“Food security remains a persistent global challenge. Inequality means that food insecurity is disproportionately experienced. Despite positive shifts in the state of food security at a global
scale, recent reports from the Food and Agricultural Organisation suggest that in Africa the total number of undernourished people continues to increase. The paper argues that there is a certain “stuckness” is food security responses. The mutually converging transitions of the urban
transition, food regime shifts and the nutrition transition demand different ways of understanding the food system, food security and the components thereof, including value chains. The paper reviews efforts designed to respond to these mutually reinforcing challenges
but argues that generalisations are problematic. Borrowing concepts from the North are equally problematic. Using the concept of Alternative Food Networks (AFNs), the paper interrogates
these networks and asks how such alternative networks manifest in the context of food insecurity in South African cities. AFNs evident in Northern cities and regions are generally
privileged and present a perspective of the food system that prioritises sustainability and a deep green and often local ethic, embodying aspirations of food system change. In Southern cities,
food system engagement is less about engagement for change, but rather, engagement to enable food access. Traditional value chain parlance sees a value chain extending from producer to
consumer.

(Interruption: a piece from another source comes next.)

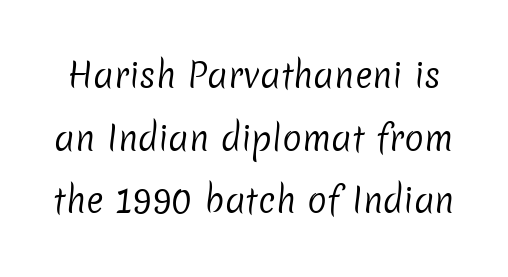
{"serif": "no", "bold": "no", "weight": "regular", "width": "normal", "stroke_contrast": "low", "x_height": "medium", "monospaced": "no", "underline": "no", "line_spacing": "loose", "line_spacing_ratio": 1.9, "letter_spacing": "normal", "letter_spacing_em": 0.0, "glyph_px": 33}
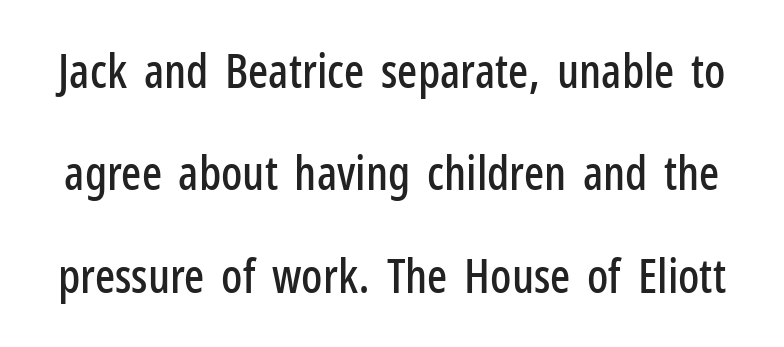
Rule under the text: the space is simply empty. The passage shown is typed in a proportional face where columns would drift. Font category for this specimen: sans-serif. The passage shown stacks its lines with a broad gap. The letters sit at their default tracking, neither squeezed nor spread.

The food access value chain present within poor urban communities in South Africa reflects more than just financial transactions. Transactions of reciprocity and social exchange
are embedded within food security strategies, and are often informed by the enactment of agency. Using the term “the food access continuum” this paper calls for a far more expansive view of food access strategies and networks. Understanding these networks is essential to effective food and nutrition security policy and programming.”